Instructions to follow
Word for word, copy each record that comes after this.

---------- Records for the task ----------

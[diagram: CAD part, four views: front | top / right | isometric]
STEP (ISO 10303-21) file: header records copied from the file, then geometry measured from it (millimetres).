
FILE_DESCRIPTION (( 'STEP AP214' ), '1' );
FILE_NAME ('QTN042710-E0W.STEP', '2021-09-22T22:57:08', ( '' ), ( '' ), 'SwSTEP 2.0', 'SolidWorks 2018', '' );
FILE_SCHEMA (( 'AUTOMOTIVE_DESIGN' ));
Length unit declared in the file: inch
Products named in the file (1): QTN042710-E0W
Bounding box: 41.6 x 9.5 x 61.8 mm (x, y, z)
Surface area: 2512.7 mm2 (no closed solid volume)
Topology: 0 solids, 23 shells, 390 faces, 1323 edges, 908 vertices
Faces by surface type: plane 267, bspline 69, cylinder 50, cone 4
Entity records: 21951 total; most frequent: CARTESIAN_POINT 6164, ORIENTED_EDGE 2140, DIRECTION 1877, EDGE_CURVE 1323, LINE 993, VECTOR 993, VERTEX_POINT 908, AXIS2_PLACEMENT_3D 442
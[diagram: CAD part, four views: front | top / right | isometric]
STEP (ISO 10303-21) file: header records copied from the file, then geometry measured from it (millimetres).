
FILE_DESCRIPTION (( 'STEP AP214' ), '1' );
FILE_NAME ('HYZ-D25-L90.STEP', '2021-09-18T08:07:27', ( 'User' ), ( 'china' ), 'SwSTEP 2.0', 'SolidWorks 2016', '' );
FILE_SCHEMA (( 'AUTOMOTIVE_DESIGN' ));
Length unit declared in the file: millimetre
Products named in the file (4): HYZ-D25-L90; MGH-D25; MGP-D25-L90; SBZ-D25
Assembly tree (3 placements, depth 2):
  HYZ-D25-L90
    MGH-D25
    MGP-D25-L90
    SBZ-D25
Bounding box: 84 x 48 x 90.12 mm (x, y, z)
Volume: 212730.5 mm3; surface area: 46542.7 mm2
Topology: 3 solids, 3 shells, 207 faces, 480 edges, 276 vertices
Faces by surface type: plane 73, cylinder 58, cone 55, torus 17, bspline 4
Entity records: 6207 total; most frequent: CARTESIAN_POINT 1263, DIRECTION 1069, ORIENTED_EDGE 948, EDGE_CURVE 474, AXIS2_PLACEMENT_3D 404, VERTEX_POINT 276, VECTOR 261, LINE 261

----------

Response to this exercise
[diagram: CAD part, four views: front | top / right | isometric]
STEP (ISO 10303-21) file: header records copied from the file, then geometry measured from it (millimetres).
FILE_DESCRIPTION (( 'STEP AP214' ), '1' );
FILE_NAME ('QTN042710-E0W.STEP', '2021-09-22T22:57:08', ( '' ), ( '' ), 'SwSTEP 2.0', 'SolidWorks 2018', '' );
FILE_SCHEMA (( 'AUTOMOTIVE_DESIGN' ));
Length unit declared in the file: inch
Products named in the file (1): QTN042710-E0W
Bounding box: 41.6 x 9.5 x 61.8 mm (x, y, z)
Surface area: 2512.7 mm2 (no closed solid volume)
Topology: 0 solids, 23 shells, 390 faces, 1323 edges, 908 vertices
Faces by surface type: plane 267, bspline 69, cylinder 50, cone 4
Entity records: 21951 total; most frequent: CARTESIAN_POINT 6164, ORIENTED_EDGE 2140, DIRECTION 1877, EDGE_CURVE 1323, LINE 993, VECTOR 993, VERTEX_POINT 908, AXIS2_PLACEMENT_3D 442
[diagram: CAD part, four views: front | top / right | isometric]
STEP (ISO 10303-21) file: header records copied from the file, then geometry measured from it (millimetres).
FILE_DESCRIPTION (( 'STEP AP214' ), '1' );
FILE_NAME ('HYZ-D25-L90.STEP', '2021-09-18T08:07:27', ( 'User' ), ( 'china' ), 'SwSTEP 2.0', 'SolidWorks 2016', '' );
FILE_SCHEMA (( 'AUTOMOTIVE_DESIGN' ));
Length unit declared in the file: millimetre
Products named in the file (4): HYZ-D25-L90; MGH-D25; MGP-D25-L90; SBZ-D25
Assembly tree (3 placements, depth 2):
  HYZ-D25-L90
    MGH-D25
    MGP-D25-L90
    SBZ-D25
Bounding box: 84 x 48 x 90.12 mm (x, y, z)
Volume: 212730.5 mm3; surface area: 46542.7 mm2
Topology: 3 solids, 3 shells, 207 faces, 480 edges, 276 vertices
Faces by surface type: plane 73, cylinder 58, cone 55, torus 17, bspline 4
Entity records: 6207 total; most frequent: CARTESIAN_POINT 1263, DIRECTION 1069, ORIENTED_EDGE 948, EDGE_CURVE 474, AXIS2_PLACEMENT_3D 404, VERTEX_POINT 276, VECTOR 261, LINE 261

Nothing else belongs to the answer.